## BRIEF
Examine each line of the data. Copy the line if it includes the word "ground".

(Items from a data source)
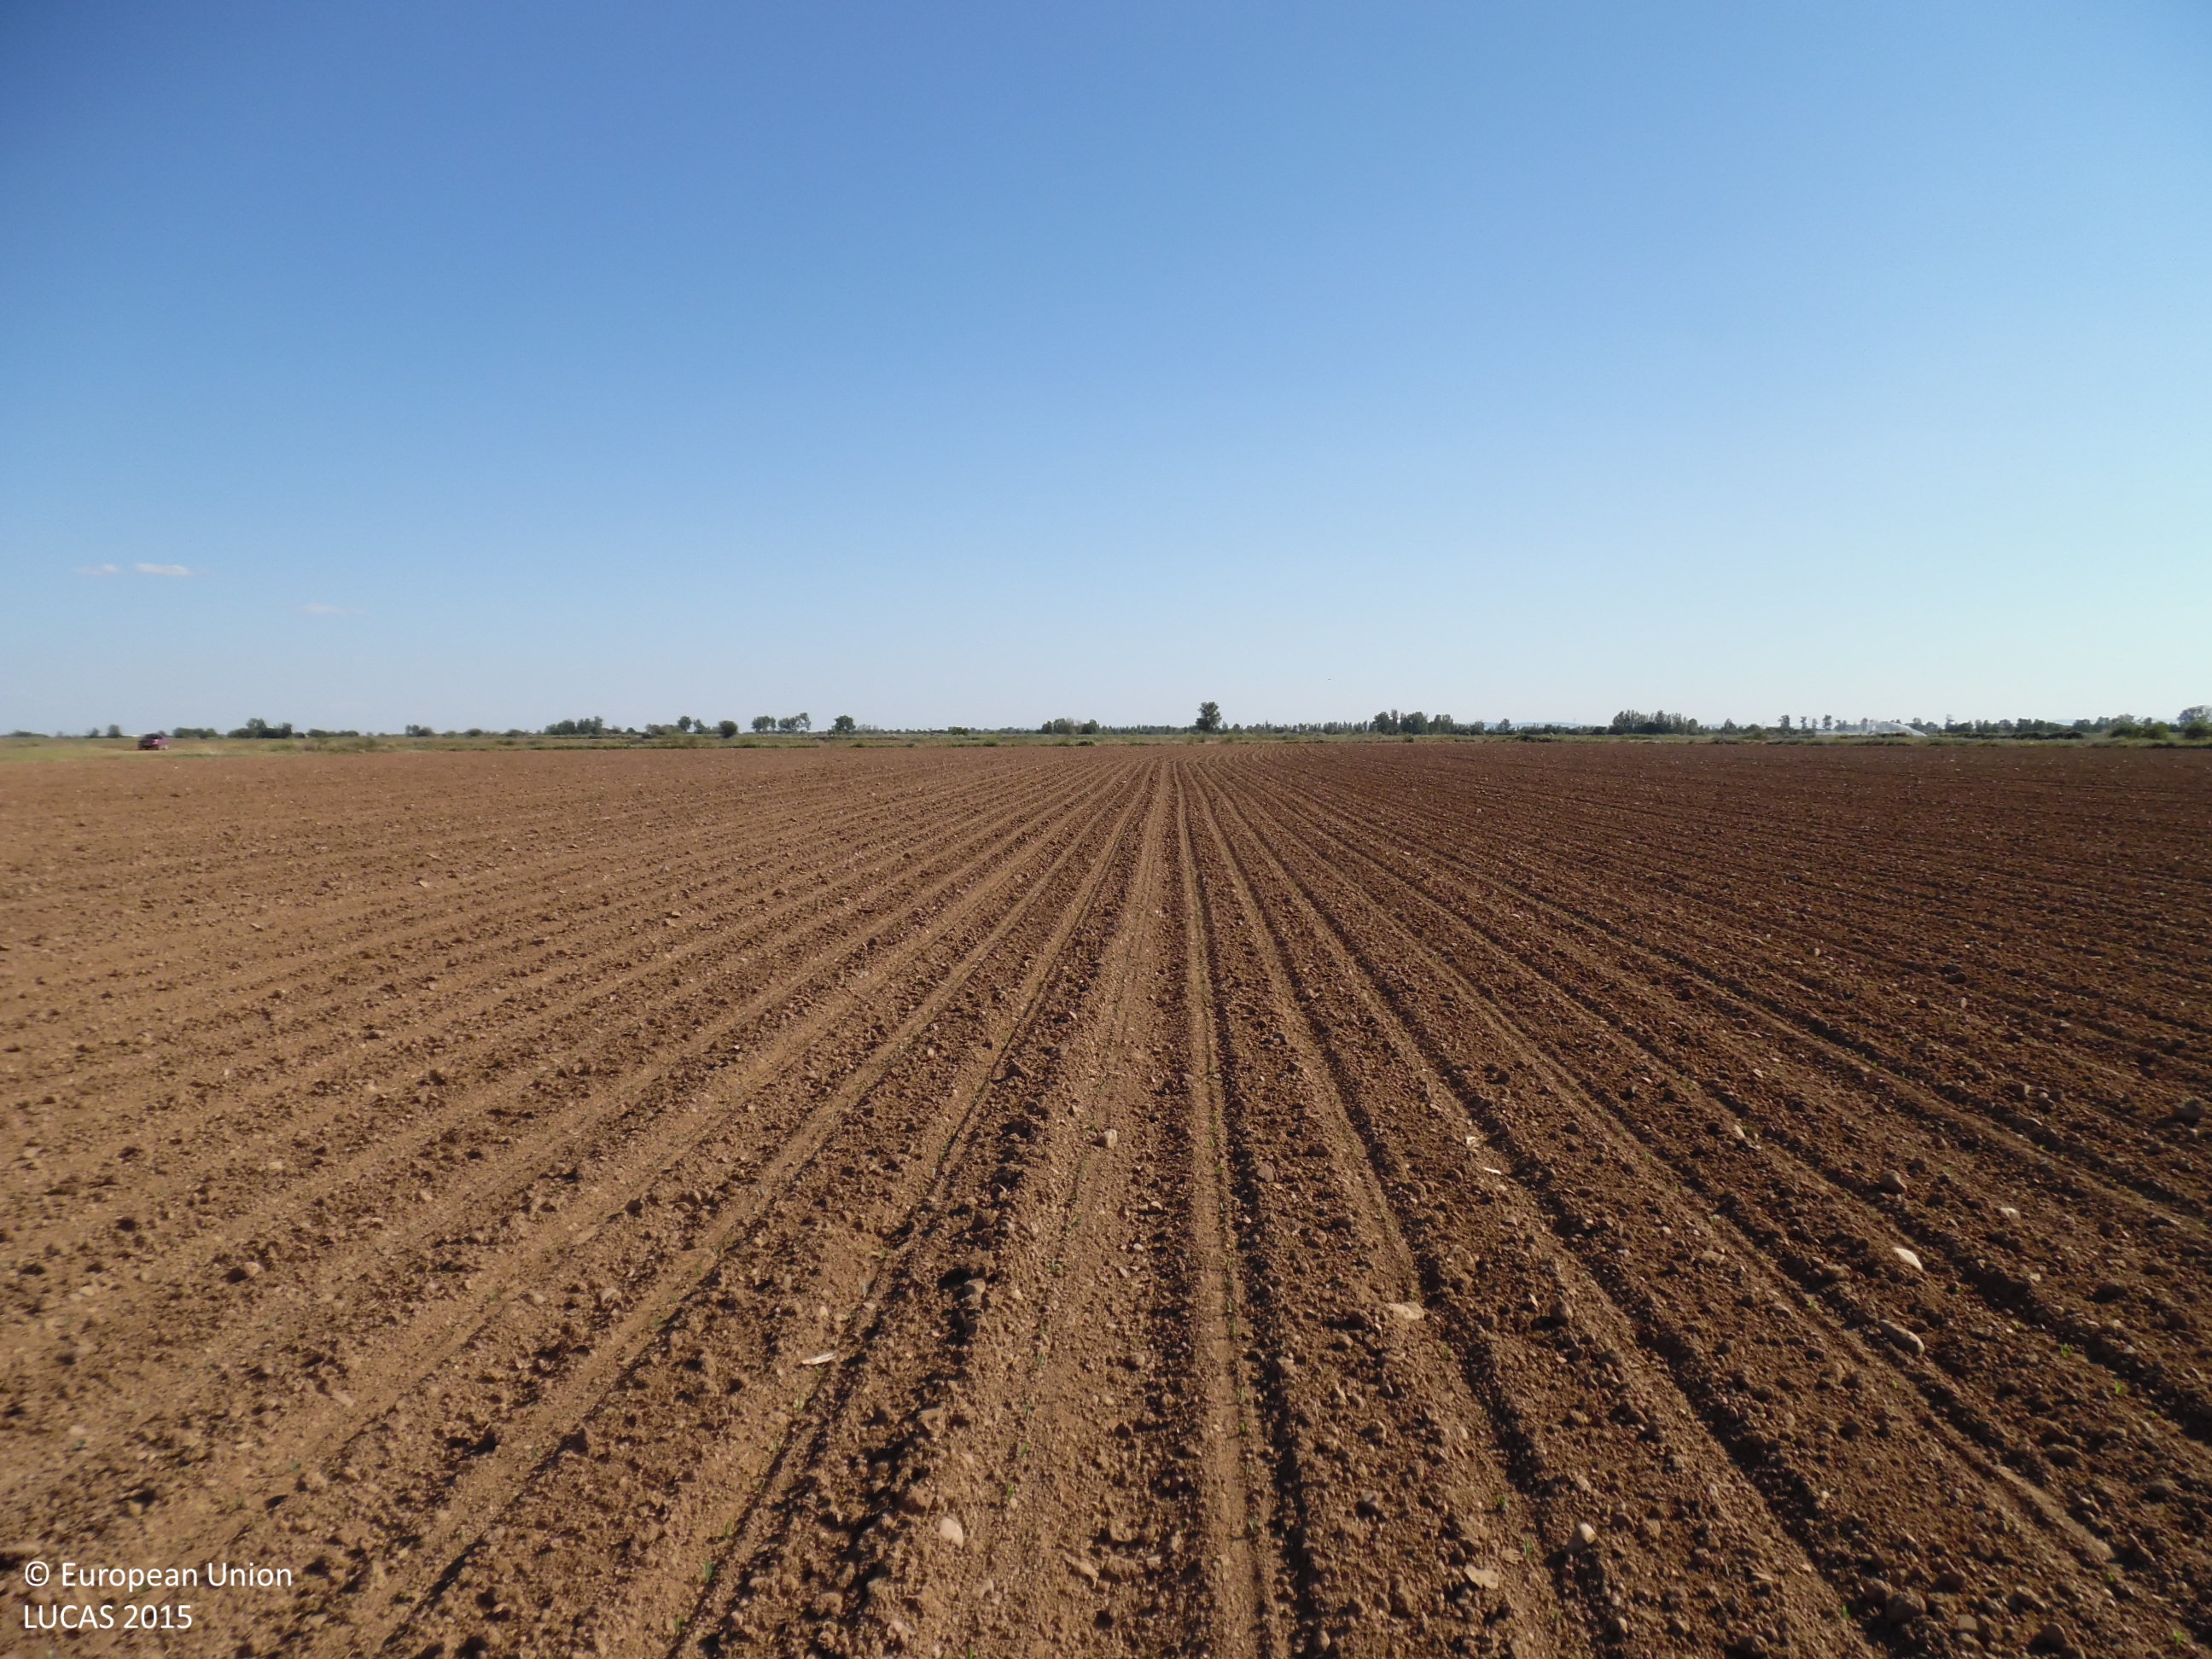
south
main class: Cropland
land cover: Maize
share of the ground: < 10 %
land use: Agriculture (excluding fallow land and kitchen gardens)
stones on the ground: 10 - 25 %
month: June
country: ES
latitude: 42.4595
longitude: -5.7500

## TASK OUTPUT
share of the ground: < 10 %
stones on the ground: 10 - 25 %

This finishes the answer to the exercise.